Task statement:
Using the data below, gather each line that includes the word "snowberg".

Data in this exercise:
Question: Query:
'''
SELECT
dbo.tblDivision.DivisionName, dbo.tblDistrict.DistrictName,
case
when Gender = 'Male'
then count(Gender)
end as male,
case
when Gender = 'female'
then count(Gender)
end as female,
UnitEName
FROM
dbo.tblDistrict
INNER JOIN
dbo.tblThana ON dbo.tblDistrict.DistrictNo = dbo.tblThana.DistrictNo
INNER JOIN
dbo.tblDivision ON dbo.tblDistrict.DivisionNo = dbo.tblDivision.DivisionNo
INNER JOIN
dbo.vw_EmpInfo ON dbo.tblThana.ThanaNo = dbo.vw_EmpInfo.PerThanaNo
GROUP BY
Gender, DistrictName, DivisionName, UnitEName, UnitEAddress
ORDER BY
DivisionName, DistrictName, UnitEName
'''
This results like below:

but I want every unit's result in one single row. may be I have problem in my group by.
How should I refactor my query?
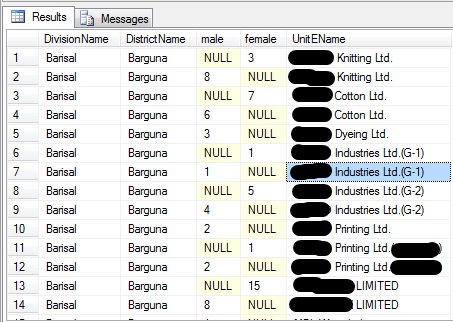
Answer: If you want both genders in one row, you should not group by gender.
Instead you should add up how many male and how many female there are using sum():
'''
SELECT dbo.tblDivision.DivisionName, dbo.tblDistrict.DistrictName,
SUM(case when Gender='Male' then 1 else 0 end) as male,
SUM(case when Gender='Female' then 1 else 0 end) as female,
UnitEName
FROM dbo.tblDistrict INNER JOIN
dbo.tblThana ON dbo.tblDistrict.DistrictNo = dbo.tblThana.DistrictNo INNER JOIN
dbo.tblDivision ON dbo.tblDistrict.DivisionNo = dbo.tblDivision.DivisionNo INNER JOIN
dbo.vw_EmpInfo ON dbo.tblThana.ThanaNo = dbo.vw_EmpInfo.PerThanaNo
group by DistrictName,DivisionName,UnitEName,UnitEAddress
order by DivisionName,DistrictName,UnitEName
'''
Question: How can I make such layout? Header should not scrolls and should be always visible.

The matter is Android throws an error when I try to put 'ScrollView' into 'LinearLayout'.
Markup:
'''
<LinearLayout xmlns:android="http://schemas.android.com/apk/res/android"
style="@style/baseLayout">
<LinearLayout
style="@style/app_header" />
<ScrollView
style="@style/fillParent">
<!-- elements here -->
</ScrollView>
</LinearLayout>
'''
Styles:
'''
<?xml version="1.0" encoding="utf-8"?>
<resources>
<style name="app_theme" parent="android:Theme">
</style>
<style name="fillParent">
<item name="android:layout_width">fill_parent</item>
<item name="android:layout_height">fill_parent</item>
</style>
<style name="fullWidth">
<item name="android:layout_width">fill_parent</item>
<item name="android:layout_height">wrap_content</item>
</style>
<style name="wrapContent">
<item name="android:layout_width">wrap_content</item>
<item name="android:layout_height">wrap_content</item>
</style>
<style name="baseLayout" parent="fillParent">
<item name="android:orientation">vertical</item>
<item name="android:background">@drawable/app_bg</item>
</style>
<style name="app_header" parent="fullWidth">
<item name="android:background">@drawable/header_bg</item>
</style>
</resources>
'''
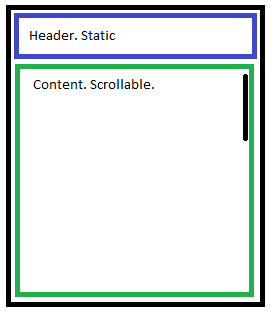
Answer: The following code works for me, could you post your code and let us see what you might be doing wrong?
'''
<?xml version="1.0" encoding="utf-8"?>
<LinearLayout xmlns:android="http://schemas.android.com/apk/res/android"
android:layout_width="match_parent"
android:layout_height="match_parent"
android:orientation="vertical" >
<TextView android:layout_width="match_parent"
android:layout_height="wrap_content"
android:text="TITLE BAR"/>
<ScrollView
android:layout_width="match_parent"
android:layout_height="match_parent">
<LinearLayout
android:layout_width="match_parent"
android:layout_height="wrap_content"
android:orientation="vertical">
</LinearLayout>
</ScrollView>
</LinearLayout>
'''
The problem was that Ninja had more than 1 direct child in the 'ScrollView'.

--

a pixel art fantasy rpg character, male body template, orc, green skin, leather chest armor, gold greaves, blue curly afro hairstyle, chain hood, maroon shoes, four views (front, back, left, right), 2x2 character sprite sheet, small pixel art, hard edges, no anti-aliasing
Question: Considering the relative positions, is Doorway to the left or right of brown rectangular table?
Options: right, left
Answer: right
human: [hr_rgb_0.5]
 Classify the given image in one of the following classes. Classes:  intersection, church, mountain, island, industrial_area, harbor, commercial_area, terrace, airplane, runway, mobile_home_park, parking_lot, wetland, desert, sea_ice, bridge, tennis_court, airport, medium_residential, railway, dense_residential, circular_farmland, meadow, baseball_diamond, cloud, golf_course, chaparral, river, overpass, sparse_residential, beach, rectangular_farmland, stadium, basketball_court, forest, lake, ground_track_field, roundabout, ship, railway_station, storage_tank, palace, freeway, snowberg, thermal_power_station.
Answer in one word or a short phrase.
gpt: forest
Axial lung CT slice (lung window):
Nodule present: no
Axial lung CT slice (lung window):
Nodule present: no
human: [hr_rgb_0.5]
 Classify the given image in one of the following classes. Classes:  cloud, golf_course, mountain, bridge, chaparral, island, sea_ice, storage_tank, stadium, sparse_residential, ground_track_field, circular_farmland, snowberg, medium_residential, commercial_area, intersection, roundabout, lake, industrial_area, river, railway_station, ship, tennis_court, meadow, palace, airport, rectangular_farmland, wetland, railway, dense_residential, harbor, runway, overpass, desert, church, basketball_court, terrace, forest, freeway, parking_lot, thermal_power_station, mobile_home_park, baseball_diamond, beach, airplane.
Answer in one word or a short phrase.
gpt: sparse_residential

---

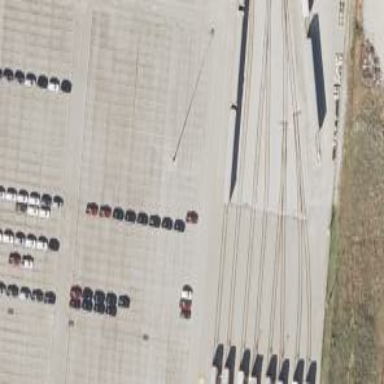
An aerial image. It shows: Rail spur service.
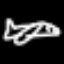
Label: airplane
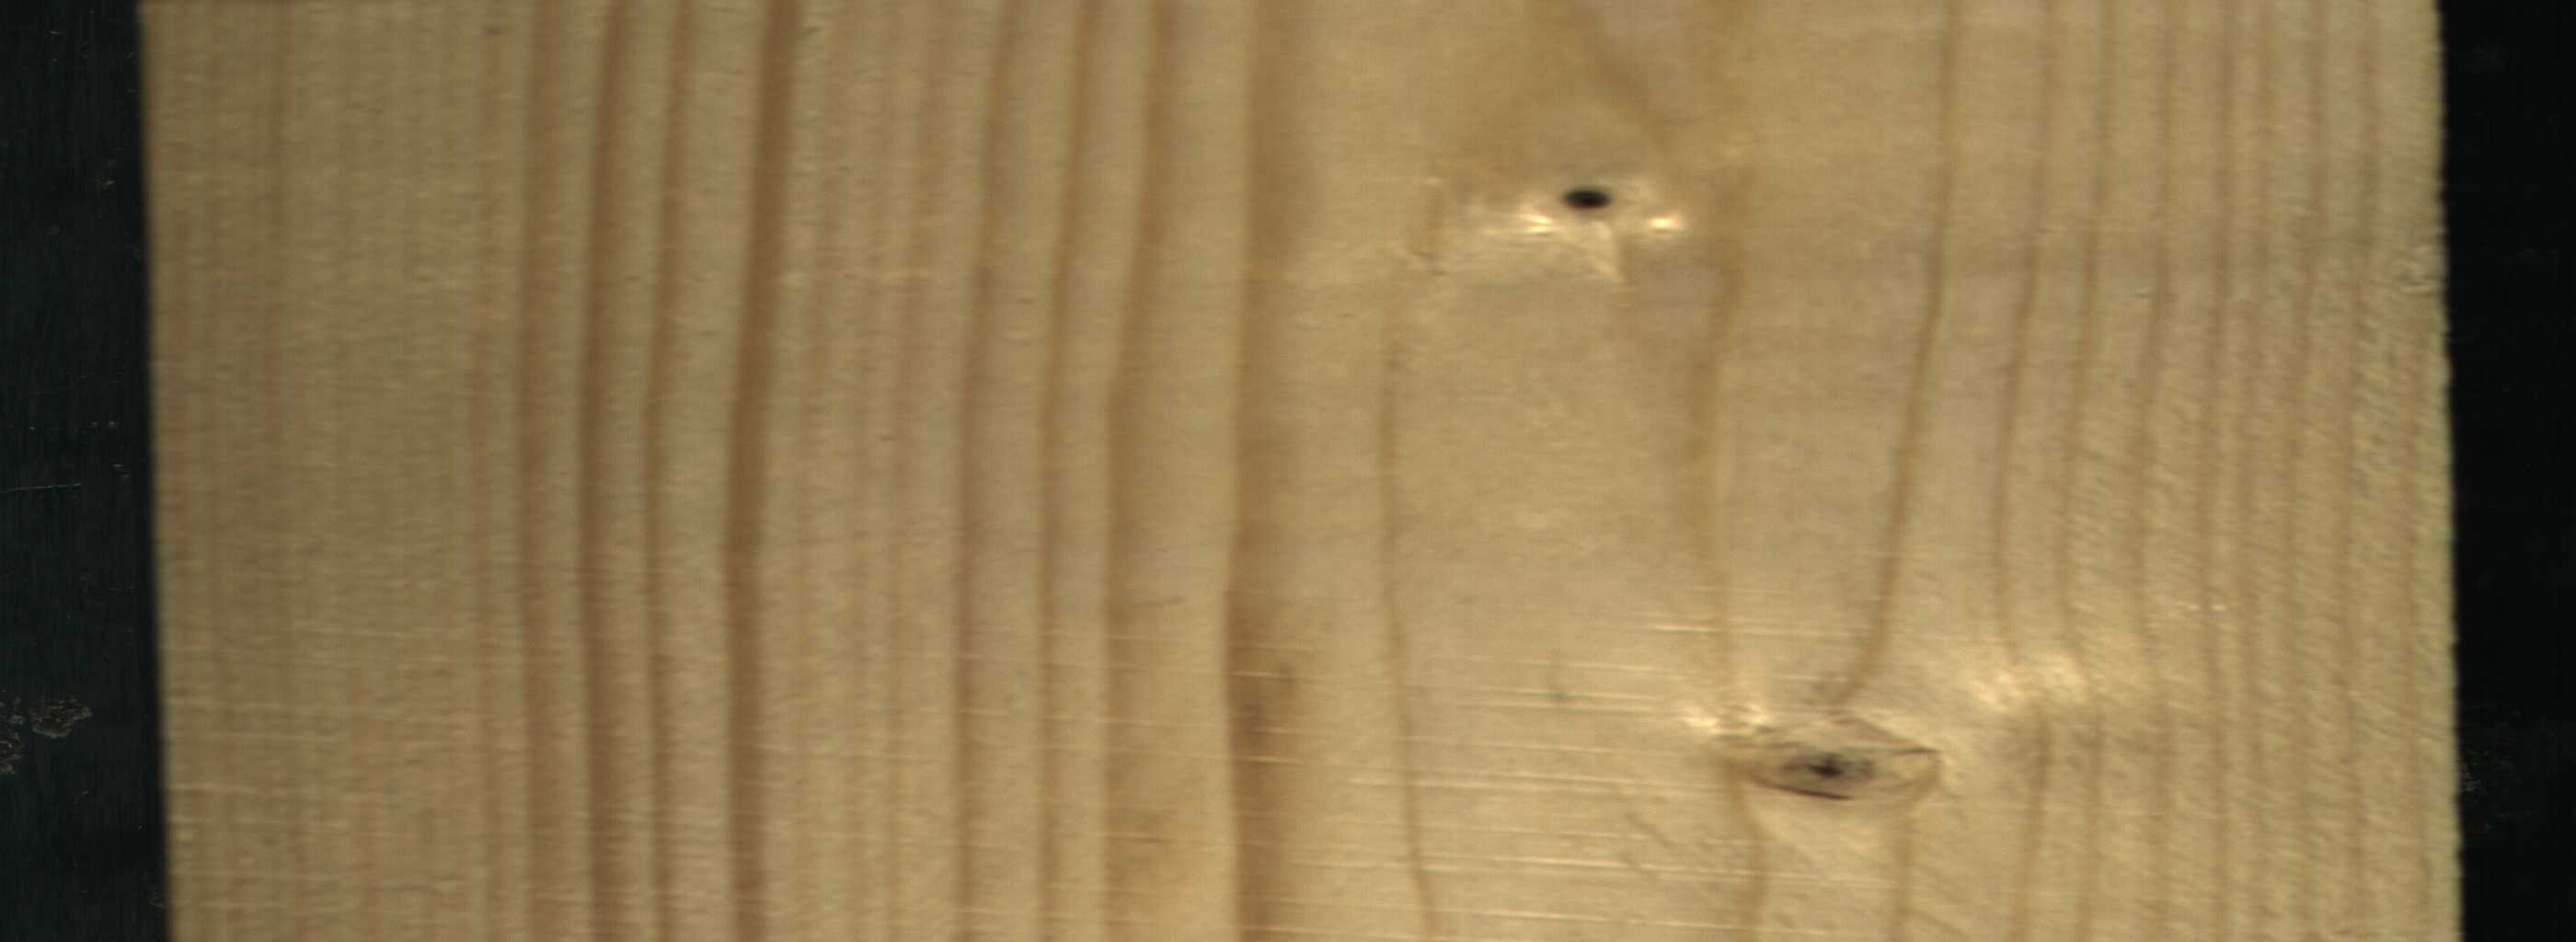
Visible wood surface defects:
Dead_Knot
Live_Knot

Expected answer:
 Classify the given image in one of the following classes. Classes:  intersection, church, mountain, island, industrial_area, harbor, commercial_area, terrace, airplane, runway, mobile_home_park, parking_lot, wetland, desert, sea_ice, bridge, tennis_court, airport, medium_residential, railway, dense_residential, circular_farmland, meadow, baseball_diamond, cloud, golf_course, chaparral, river, overpass, sparse_residential, beach, rectangular_farmland, stadium, basketball_court, forest, lake, ground_track_field, roundabout, ship, railway_station, storage_tank, palace, freeway, snowberg, thermal_power_station.
 Classify the given image in one of the following classes. Classes:  cloud, golf_course, mountain, bridge, chaparral, island, sea_ice, storage_tank, stadium, sparse_residential, ground_track_field, circular_farmland, snowberg, medium_residential, commercial_area, intersection, roundabout, lake, industrial_area, river, railway_station, ship, tennis_court, meadow, palace, airport, rectangular_farmland, wetland, railway, dense_residential, harbor, runway, overpass, desert, church, basketball_court, terrace, forest, freeway, parking_lot, thermal_power_station, mobile_home_park, baseball_diamond, beach, airplane.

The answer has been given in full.